__Extracted records__.
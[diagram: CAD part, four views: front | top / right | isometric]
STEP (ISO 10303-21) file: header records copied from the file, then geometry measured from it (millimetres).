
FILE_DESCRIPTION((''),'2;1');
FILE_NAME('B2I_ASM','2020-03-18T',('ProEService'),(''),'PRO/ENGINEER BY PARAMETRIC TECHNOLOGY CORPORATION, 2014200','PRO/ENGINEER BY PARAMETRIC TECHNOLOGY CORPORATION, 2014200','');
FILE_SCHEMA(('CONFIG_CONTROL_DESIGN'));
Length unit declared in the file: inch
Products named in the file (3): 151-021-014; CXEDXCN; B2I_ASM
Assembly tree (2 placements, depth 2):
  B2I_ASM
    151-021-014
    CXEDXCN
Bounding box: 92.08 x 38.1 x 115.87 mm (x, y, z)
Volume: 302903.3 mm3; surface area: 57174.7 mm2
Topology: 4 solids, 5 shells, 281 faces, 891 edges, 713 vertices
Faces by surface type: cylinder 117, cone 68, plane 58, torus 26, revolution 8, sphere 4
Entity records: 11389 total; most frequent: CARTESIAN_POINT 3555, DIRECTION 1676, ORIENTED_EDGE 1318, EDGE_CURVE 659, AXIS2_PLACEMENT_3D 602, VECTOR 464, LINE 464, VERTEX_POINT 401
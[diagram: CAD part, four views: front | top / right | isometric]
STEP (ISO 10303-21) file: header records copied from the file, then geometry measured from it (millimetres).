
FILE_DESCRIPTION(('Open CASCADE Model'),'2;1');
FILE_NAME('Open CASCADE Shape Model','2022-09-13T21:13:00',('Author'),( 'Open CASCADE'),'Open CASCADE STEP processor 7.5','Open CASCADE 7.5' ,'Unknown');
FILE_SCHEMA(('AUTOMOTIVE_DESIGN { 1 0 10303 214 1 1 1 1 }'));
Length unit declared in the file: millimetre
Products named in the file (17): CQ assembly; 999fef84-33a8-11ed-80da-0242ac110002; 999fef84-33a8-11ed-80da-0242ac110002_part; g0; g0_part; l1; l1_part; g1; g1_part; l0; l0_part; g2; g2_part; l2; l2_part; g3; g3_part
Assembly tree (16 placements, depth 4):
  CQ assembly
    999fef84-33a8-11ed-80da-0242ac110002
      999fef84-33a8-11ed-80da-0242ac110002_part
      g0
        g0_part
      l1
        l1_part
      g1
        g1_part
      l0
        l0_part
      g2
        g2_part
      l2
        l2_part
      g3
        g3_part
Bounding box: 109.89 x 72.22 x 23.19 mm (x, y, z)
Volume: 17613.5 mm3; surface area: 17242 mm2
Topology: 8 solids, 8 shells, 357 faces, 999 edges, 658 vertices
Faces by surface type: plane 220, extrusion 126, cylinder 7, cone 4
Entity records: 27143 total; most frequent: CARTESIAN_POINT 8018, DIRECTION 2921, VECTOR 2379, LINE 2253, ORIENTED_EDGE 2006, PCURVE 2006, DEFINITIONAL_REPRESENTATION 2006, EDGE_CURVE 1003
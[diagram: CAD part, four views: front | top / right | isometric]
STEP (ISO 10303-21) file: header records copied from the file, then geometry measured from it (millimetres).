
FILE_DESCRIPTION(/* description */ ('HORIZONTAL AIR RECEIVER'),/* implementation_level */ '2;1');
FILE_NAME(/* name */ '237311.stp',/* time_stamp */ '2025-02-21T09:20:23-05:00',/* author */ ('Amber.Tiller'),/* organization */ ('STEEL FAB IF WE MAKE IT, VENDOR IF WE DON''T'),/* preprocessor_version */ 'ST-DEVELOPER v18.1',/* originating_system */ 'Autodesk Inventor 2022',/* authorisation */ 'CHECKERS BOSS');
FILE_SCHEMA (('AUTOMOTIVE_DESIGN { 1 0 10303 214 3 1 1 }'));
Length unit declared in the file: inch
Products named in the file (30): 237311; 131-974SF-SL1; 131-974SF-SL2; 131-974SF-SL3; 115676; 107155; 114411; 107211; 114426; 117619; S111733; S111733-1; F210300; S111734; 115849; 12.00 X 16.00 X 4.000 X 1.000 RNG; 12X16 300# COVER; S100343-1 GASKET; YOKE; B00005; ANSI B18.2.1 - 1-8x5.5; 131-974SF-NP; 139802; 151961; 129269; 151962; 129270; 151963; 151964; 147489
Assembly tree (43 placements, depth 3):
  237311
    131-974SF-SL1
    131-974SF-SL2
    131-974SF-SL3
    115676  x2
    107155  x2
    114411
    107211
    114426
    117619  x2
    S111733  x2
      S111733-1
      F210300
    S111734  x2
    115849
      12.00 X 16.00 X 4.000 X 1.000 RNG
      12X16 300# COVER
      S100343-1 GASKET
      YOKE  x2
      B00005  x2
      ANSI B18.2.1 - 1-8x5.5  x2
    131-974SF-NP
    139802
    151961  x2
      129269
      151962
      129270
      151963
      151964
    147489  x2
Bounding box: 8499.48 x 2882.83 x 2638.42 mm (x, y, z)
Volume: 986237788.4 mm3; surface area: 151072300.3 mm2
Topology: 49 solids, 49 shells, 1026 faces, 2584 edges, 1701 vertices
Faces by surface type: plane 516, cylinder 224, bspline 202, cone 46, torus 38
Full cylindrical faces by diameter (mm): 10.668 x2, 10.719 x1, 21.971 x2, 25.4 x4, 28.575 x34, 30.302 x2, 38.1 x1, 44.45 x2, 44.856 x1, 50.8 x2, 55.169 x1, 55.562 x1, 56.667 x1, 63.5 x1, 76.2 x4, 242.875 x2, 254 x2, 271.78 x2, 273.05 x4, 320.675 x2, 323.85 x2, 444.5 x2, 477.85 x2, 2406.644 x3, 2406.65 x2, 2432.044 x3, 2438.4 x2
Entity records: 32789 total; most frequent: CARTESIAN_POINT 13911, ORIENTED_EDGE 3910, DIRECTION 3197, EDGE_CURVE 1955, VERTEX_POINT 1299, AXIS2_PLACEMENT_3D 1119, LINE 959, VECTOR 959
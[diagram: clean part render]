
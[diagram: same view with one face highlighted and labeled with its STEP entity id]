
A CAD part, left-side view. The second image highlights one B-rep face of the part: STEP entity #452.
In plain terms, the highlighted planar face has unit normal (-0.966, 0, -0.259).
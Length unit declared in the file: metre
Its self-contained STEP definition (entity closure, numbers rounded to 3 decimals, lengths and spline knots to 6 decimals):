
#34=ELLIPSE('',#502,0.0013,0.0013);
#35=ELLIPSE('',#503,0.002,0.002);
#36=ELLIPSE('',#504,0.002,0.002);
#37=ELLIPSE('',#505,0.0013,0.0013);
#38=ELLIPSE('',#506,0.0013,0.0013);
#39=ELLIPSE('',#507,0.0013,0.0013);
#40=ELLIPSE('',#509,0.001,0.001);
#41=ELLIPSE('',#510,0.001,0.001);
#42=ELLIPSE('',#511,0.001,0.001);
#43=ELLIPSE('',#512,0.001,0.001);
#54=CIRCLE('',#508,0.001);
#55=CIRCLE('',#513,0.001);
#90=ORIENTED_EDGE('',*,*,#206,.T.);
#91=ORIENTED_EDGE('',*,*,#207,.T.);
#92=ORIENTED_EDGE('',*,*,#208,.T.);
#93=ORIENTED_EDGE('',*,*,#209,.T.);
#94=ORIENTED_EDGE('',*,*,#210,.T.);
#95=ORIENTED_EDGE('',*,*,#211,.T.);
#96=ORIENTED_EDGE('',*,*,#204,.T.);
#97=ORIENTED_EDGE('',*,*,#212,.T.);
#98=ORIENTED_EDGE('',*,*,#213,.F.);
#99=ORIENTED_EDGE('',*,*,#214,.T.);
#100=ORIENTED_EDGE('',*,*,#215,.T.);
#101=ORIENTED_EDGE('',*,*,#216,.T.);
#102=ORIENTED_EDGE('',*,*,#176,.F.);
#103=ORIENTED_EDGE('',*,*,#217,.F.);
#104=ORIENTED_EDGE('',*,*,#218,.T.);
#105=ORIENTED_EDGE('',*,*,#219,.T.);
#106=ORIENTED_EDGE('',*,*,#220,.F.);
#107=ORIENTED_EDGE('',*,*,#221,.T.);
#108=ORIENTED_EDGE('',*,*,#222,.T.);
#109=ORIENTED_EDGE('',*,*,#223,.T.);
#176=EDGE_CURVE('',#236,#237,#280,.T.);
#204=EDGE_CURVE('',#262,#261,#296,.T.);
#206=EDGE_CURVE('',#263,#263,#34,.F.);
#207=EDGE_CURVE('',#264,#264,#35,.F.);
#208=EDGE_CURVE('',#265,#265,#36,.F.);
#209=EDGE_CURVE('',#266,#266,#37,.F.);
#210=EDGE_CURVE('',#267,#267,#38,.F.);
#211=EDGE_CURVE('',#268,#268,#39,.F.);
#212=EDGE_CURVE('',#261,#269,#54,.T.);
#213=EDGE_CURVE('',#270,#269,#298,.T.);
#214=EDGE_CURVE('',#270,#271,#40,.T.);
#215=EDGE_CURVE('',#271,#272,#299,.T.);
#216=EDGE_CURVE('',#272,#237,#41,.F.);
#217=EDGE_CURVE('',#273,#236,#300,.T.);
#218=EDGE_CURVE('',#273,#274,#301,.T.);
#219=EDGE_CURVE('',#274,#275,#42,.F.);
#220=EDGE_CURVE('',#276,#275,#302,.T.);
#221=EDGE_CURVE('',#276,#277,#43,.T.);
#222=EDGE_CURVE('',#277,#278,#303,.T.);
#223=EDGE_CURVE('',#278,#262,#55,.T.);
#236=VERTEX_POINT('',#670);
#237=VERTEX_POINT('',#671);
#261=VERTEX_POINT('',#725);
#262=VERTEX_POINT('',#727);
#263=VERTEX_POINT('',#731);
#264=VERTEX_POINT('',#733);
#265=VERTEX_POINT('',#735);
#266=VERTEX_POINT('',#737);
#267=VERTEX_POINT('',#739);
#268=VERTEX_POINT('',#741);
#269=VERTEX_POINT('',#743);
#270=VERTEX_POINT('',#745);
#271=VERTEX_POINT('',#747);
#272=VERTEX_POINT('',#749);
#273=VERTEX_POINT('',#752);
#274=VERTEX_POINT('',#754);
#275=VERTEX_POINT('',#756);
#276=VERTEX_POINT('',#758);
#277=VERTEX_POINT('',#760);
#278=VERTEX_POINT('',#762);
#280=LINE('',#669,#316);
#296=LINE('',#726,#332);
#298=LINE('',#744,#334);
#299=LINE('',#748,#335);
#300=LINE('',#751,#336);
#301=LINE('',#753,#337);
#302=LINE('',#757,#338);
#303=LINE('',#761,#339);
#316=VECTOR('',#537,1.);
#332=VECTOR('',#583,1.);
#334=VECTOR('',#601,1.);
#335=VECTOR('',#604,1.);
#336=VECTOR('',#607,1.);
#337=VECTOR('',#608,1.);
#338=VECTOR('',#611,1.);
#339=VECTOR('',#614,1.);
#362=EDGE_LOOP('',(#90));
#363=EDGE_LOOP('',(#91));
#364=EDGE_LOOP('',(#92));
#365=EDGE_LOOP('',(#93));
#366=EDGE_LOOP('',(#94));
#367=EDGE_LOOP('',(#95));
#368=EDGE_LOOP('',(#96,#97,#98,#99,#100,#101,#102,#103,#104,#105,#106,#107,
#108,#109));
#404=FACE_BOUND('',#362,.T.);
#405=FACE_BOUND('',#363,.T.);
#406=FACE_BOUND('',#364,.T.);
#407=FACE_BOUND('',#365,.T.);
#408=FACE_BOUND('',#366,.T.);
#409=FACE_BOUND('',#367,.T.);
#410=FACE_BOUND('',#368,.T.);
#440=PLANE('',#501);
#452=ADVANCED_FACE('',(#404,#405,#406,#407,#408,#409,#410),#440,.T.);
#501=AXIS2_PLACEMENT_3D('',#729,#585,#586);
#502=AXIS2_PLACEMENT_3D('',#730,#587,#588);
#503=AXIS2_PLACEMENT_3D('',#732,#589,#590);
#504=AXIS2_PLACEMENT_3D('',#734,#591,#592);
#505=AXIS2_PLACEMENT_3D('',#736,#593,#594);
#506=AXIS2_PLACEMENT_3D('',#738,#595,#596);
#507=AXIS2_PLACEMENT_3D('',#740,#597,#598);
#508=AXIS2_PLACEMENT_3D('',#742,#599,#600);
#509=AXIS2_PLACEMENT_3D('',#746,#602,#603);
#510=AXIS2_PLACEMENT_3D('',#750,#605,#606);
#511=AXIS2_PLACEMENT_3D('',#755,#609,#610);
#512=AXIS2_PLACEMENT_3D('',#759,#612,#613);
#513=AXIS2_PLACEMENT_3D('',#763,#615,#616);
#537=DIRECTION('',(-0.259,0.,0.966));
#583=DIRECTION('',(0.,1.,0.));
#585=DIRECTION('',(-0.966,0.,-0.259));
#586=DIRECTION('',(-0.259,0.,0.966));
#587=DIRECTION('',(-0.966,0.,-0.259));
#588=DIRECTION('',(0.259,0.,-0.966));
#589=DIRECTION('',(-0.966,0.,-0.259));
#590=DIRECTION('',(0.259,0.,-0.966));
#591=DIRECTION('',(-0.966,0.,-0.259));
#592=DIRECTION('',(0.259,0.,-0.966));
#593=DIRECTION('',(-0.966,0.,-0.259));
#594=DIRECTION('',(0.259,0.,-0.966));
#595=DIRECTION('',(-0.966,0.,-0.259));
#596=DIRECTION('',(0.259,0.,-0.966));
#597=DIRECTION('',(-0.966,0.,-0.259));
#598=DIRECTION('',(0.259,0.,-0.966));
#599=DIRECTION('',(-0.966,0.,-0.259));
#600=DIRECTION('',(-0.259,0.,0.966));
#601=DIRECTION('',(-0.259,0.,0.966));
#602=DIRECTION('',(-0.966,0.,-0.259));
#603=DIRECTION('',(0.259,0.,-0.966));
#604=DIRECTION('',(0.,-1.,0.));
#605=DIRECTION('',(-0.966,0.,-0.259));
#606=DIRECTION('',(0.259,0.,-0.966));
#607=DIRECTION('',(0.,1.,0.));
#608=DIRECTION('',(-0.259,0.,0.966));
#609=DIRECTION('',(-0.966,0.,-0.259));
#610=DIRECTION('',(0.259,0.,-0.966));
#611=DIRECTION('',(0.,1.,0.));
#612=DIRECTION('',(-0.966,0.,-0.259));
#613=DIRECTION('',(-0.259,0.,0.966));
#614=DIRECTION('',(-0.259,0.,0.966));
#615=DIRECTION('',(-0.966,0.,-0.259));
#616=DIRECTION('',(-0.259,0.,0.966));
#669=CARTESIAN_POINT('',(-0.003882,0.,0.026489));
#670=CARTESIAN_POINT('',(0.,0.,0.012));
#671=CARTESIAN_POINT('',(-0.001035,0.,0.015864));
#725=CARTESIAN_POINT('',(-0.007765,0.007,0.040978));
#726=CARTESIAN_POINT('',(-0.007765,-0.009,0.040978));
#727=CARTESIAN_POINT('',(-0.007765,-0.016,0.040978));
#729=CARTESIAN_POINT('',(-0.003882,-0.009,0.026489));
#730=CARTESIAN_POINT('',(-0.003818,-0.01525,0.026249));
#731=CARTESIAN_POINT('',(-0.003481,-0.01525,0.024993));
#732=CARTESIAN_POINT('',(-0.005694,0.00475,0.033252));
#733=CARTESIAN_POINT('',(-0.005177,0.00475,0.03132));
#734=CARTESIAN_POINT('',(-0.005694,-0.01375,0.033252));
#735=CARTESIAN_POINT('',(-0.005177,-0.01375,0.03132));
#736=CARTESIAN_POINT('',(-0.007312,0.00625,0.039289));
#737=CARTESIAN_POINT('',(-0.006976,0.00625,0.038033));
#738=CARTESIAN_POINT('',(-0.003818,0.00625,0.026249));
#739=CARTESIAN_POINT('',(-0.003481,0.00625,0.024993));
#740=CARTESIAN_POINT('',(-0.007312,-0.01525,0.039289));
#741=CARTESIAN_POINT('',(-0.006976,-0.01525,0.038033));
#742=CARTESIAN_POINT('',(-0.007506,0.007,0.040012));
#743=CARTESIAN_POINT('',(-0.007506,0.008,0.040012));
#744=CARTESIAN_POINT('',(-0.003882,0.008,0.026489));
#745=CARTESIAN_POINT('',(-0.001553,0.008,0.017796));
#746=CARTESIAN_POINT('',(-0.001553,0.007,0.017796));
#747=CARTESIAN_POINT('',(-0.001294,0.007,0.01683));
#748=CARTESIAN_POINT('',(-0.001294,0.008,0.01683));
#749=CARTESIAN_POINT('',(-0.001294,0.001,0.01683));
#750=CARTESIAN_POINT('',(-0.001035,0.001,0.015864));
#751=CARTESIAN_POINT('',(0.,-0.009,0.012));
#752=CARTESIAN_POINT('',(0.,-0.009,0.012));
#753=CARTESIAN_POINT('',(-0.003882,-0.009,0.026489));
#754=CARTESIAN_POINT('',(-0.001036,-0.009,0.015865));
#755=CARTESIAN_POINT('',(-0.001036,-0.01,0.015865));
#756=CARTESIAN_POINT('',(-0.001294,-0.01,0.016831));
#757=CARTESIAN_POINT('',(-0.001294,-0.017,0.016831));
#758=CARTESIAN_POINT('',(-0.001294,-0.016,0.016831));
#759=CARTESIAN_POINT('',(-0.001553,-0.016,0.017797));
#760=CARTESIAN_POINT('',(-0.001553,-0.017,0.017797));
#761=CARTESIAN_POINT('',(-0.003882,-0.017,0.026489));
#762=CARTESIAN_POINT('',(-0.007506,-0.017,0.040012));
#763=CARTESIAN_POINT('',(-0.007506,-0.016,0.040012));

__Task details__. All lines from the beginning of the listing through the one with "FILE_DESCRIPTION((''),'2;1');" are to be restated word for word, and only those.

__Task solution__.
[diagram: CAD part, four views: front | top / right | isometric]
STEP (ISO 10303-21) file: header records copied from the file, then geometry measured from it (millimetres).
FILE_DESCRIPTION((''),'2;1');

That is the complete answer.